• Exercise prompt
Copy all of the entries that follow, exactly.
** Opening Records to process block **
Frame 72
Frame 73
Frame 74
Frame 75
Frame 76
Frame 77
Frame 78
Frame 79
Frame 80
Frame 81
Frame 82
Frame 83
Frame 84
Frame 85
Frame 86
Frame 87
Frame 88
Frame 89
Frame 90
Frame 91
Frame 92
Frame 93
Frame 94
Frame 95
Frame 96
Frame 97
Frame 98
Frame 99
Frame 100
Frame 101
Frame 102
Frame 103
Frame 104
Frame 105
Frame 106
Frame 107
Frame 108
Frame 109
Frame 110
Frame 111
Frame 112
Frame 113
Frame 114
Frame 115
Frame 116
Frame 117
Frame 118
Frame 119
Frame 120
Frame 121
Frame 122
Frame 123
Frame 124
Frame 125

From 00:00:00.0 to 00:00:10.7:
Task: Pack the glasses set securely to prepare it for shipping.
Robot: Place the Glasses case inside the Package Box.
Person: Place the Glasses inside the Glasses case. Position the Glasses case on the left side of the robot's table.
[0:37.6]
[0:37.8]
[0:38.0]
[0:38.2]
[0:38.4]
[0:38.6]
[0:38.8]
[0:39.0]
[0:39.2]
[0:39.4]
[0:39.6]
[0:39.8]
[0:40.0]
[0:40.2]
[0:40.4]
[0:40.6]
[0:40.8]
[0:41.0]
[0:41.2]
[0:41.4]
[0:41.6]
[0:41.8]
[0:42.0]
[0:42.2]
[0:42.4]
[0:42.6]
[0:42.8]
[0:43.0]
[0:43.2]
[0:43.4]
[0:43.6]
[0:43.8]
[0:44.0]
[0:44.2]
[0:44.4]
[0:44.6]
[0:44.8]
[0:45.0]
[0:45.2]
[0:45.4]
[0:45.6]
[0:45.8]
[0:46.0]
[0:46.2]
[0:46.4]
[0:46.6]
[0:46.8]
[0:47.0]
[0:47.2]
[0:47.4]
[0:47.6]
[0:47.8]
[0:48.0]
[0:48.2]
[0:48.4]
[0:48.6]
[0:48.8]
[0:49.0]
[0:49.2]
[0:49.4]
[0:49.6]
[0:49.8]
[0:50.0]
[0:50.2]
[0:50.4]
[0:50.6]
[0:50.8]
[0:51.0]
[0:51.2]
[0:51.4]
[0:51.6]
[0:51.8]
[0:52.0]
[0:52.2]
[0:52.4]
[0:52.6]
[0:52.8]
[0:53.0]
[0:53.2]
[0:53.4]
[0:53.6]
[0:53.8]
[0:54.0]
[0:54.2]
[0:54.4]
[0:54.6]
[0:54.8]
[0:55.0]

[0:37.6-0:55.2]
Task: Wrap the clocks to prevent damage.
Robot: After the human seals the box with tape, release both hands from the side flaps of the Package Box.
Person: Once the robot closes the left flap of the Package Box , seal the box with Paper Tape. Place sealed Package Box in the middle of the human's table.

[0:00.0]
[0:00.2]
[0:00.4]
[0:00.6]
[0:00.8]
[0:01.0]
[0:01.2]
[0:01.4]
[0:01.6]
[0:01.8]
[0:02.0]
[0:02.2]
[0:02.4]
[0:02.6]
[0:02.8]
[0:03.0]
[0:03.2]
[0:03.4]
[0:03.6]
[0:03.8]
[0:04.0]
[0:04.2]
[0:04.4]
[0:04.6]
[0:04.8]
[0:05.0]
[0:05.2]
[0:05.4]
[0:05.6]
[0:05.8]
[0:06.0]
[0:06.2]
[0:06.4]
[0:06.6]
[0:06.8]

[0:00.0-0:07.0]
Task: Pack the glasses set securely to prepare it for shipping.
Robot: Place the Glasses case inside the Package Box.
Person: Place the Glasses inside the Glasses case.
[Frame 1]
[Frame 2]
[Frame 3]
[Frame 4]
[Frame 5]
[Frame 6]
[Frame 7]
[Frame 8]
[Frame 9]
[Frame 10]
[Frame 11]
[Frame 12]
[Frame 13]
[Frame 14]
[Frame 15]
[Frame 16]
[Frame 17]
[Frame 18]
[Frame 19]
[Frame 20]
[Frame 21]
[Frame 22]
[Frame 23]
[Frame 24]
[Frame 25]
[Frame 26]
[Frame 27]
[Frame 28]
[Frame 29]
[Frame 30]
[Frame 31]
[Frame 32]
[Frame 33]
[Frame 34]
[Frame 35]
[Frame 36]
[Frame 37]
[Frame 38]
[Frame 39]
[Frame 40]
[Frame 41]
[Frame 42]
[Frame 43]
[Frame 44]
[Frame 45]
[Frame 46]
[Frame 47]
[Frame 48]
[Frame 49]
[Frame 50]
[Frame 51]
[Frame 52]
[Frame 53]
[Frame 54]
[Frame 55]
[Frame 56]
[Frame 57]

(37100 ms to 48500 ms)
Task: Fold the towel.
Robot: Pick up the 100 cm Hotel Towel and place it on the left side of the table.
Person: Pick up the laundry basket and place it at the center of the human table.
** Closing Records to process block **
• Answer space
Frame 72
Frame 73
Frame 74
Frame 75
Frame 76
Frame 77
Frame 78
Frame 79
Frame 80
Frame 81
Frame 82
Frame 83
Frame 84
Frame 85
Frame 86
Frame 87
Frame 88
Frame 89
Frame 90
Frame 91
Frame 92
Frame 93
Frame 94
Frame 95
Frame 96
Frame 97
Frame 98
Frame 99
Frame 100
Frame 101
Frame 102
Frame 103
Frame 104
Frame 105
Frame 106
Frame 107
Frame 108
Frame 109
Frame 110
Frame 111
Frame 112
Frame 113
Frame 114
Frame 115
Frame 116
Frame 117
Frame 118
Frame 119
Frame 120
Frame 121
Frame 122
Frame 123
Frame 124
Frame 125

From 00:00:00.0 to 00:00:10.7:
Task: Pack the glasses set securely to prepare it for shipping.
Robot: Place the Glasses case inside the Package Box.
Person: Place the Glasses inside the Glasses case. Position the Glasses case on the left side of the robot's table.
[0:37.6]
[0:37.8]
[0:38.0]
[0:38.2]
[0:38.4]
[0:38.6]
[0:38.8]
[0:39.0]
[0:39.2]
[0:39.4]
[0:39.6]
[0:39.8]
[0:40.0]
[0:40.2]
[0:40.4]
[0:40.6]
[0:40.8]
[0:41.0]
[0:41.2]
[0:41.4]
[0:41.6]
[0:41.8]
[0:42.0]
[0:42.2]
[0:42.4]
[0:42.6]
[0:42.8]
[0:43.0]
[0:43.2]
[0:43.4]
[0:43.6]
[0:43.8]
[0:44.0]
[0:44.2]
[0:44.4]
[0:44.6]
[0:44.8]
[0:45.0]
[0:45.2]
[0:45.4]
[0:45.6]
[0:45.8]
[0:46.0]
[0:46.2]
[0:46.4]
[0:46.6]
[0:46.8]
[0:47.0]
[0:47.2]
[0:47.4]
[0:47.6]
[0:47.8]
[0:48.0]
[0:48.2]
[0:48.4]
[0:48.6]
[0:48.8]
[0:49.0]
[0:49.2]
[0:49.4]
[0:49.6]
[0:49.8]
[0:50.0]
[0:50.2]
[0:50.4]
[0:50.6]
[0:50.8]
[0:51.0]
[0:51.2]
[0:51.4]
[0:51.6]
[0:51.8]
[0:52.0]
[0:52.2]
[0:52.4]
[0:52.6]
[0:52.8]
[0:53.0]
[0:53.2]
[0:53.4]
[0:53.6]
[0:53.8]
[0:54.0]
[0:54.2]
[0:54.4]
[0:54.6]
[0:54.8]
[0:55.0]

[0:37.6-0:55.2]
Task: Wrap the clocks to prevent damage.
Robot: After the human seals the box with tape, release both hands from the side flaps of the Package Box.
Person: Once the robot closes the left flap of the Package Box , seal the box with Paper Tape. Place sealed Package Box in the middle of the human's table.

[0:00.0]
[0:00.2]
[0:00.4]
[0:00.6]
[0:00.8]
[0:01.0]
[0:01.2]
[0:01.4]
[0:01.6]
[0:01.8]
[0:02.0]
[0:02.2]
[0:02.4]
[0:02.6]
[0:02.8]
[0:03.0]
[0:03.2]
[0:03.4]
[0:03.6]
[0:03.8]
[0:04.0]
[0:04.2]
[0:04.4]
[0:04.6]
[0:04.8]
[0:05.0]
[0:05.2]
[0:05.4]
[0:05.6]
[0:05.8]
[0:06.0]
[0:06.2]
[0:06.4]
[0:06.6]
[0:06.8]

[0:00.0-0:07.0]
Task: Pack the glasses set securely to prepare it for shipping.
Robot: Place the Glasses case inside the Package Box.
Person: Place the Glasses inside the Glasses case.
[Frame 1]
[Frame 2]
[Frame 3]
[Frame 4]
[Frame 5]
[Frame 6]
[Frame 7]
[Frame 8]
[Frame 9]
[Frame 10]
[Frame 11]
[Frame 12]
[Frame 13]
[Frame 14]
[Frame 15]
[Frame 16]
[Frame 17]
[Frame 18]
[Frame 19]
[Frame 20]
[Frame 21]
[Frame 22]
[Frame 23]
[Frame 24]
[Frame 25]
[Frame 26]
[Frame 27]
[Frame 28]
[Frame 29]
[Frame 30]
[Frame 31]
[Frame 32]
[Frame 33]
[Frame 34]
[Frame 35]
[Frame 36]
[Frame 37]
[Frame 38]
[Frame 39]
[Frame 40]
[Frame 41]
[Frame 42]
[Frame 43]
[Frame 44]
[Frame 45]
[Frame 46]
[Frame 47]
[Frame 48]
[Frame 49]
[Frame 50]
[Frame 51]
[Frame 52]
[Frame 53]
[Frame 54]
[Frame 55]
[Frame 56]
[Frame 57]

(37100 ms to 48500 ms)
Task: Fold the towel.
Robot: Pick up the 100 cm Hotel Towel and place it on the left side of the table.
Person: Pick up the laundry basket and place it at the center of the human table.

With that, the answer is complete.